Боже мой, он даже говорил моими формулировками! Моими интонациями! Я мог спорить с кем угодно, но со своей логикой?..
— Да, да, дело не должно страдать, — безучастно отозвался я, и аппарат был включен снова…
Теперь мы подменяли друг друга как по вахтенному расписанию. Работа действительно кипела. До чего не догадывался я — догадывался он, ошибется напарник — замечаю я. В особо сложных местах аппарат отключался, и загвоздка устранялась сообща.
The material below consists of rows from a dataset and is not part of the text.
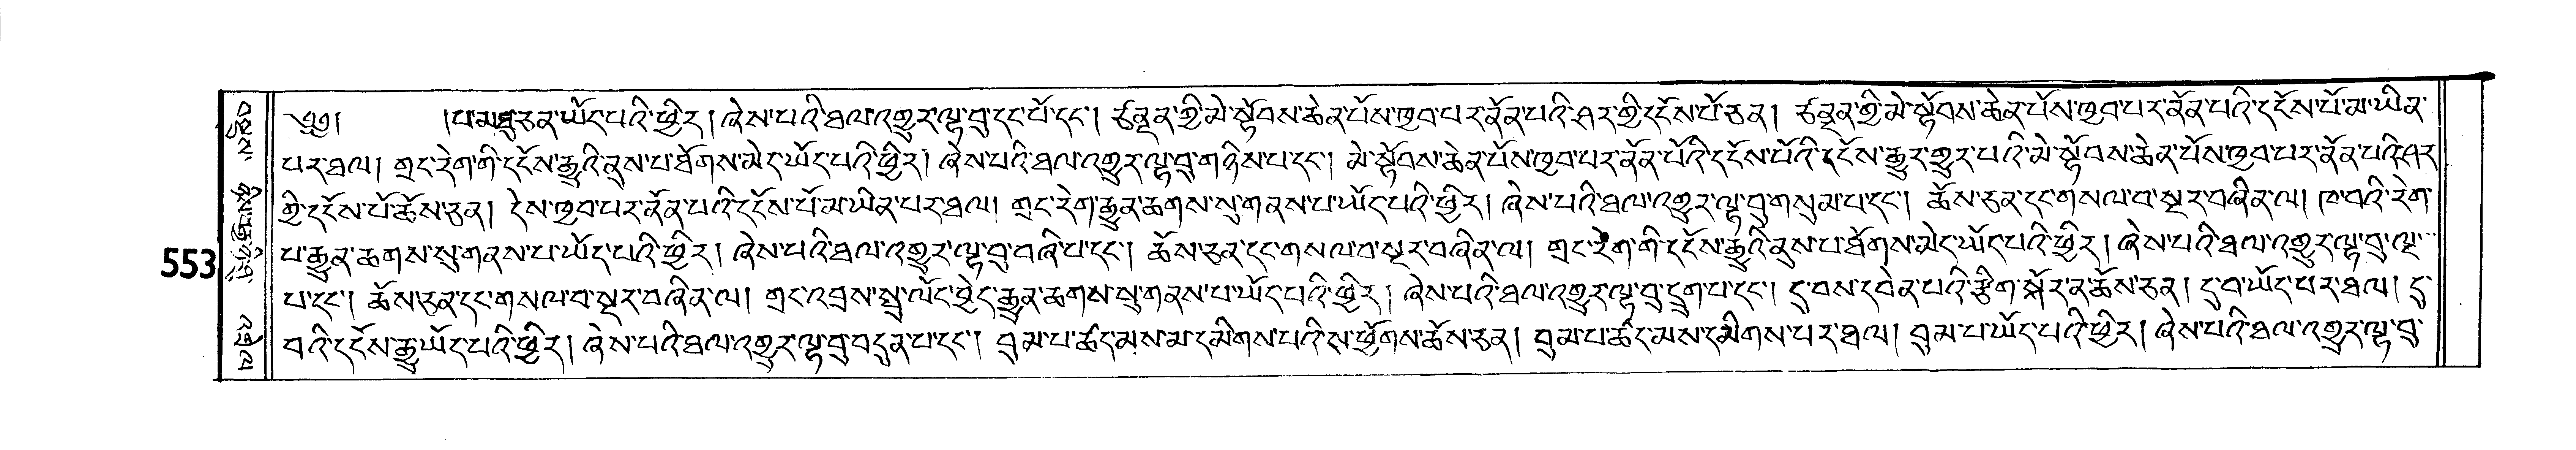༄༅། །པ་མཐུ་ཅན་ཡོད་པའི་ཕྱིར། ཞེས་པའི་ཐལ་འགྱུར་ལྟ་བུ་དང་པོ་དང་། ཙནྡན་གྱི་མེ་སྟོབས་ཆེན་པོས་ཁྱབ་པར་ནོན་པའི་ཤར་གྱི་དངོས་པོ་ཅན། ཙནྡན་གྱི་མེ་སྟོབས་ཆེན་པོས་ཁྱབ་པར་ནོན་པའི་དངོས་པོ་མ་ཡིན་
པར་ཐལ། གྲང་རེག་གི་དངོས་རྒྱུའི་ནུས་པ་ཐོགས་མེད་ཡོད་པའི་ཕྱིར། ཞེས་པའི་ཐལ་འགྱུར་ལྟ་བུ་གཉིས་པ་དང་། མེ་སྟོབས་ཆེན་པོས་ཁྱབ་པར་ནོན་པོའི་དངོས་པོའི་དངོས་རྒྱུར་གྱུར་པའི་མེ་སྟོབས་ཆེན་པོས་ཁྱབ་པར་ནོན་པའི་ཤར་
གྱི་དངོས་པོ་ཆོས་ཅན། དེས་ཁྱབ་པར་ནོན་པའི་དངོས་པོ་མ་ཡིན་པར་ཐལ། གྲང་རེག་རྒྱུན་ཆགས་སུ་གནས་པ་ཡོད་པའི་ཕྱིར། ཞེས་པའི་ཐལ་འགྱུར་ལྟ་བུ་གསུམ་པ་དང་། ཆོས་ཅན་དང་གསལ་བ་སྔར་བཞིན་ལ། ཁ་བའི་རེག་
པ་རྒྱུན་ཆགས་སུ་གནས་པ་ཡོད་པའི་ཕྱིར། ཞེས་པའི་ཐལ་འགྱུར་ལྟ་བུ་བཞི་པ་དང་། ཆོས་ཅན་དང་གསལ་བ་སྔར་བཞིན་ལ། གྲང་རེག་གི་དངོས་རྒྱུའི་ནུས་པ་ཐོགས་མེད་ཡོད་པའི་ཕྱིར། ཞེས་པའི་ཐལ་འགྱུར་ལྟ་བུ་ལྔ་
པ་དང་། ཆོས་ཅན་དང་གསལ་བ་སྔར་བཞིན་ལ། གྲང་འབྲས་སྤྲ་ལོང་བྱེད་རྒྱུན་ཆགས་སུ་གནས་པ་ཡོད་པའི་ཕྱིར། ཞེས་པའི་ཐལ་འགྱུར་ལྟ་བུ་དྲུག་པ་དང་། དུ་བས་དབེན་པའི་རྩིག་སྐོར་ན་ཆོས་ཅན། དུ་བ་ཡོད་པར་ཐལ། དུ་
བའི་དངོས་རྒྱུ་ཡོད་པའི་ཕྱིར། ཞེས་པའི་ཐལ་འགྱུར་ལྟ་བུ་བདུན་པ་དང་། བུམ་པ་ཚད་མས་མ་དམིགས་པའི་ས་ཕྱོགས་ཆོས་ཅན། བུམ་པ་ཚད་མས་དམིགས་པར་ཐལ། བུམ་པ་ཡོད་པའི་ཕྱིར། ཞེས་པའི་ཐལ་འགྱུར་ལྟ་བུ་

Одно не давало покоя: сознание того, что 50 процентов наслаждения от бурно кипящей работы проходит мимо меня. Конечно, я мог, недолго думая, убрать аппарат. Но кто мог сказать наверняка, через какой срок подсознание полностью освободится от печально приобретенных свойств? Нет, непредвиденностей мне больше не хотелось, и в одну из своих смен я перебрал механизм аппарата таким образом, чтобы сумма наших процессов привела нас, наконец, к первоначальным и стабильным состояниям. Монтаж оказался сложным, хлопотливым и занял почти весь период моего бодрствования. Но зато уснул я удовлетворенный и успокоенный.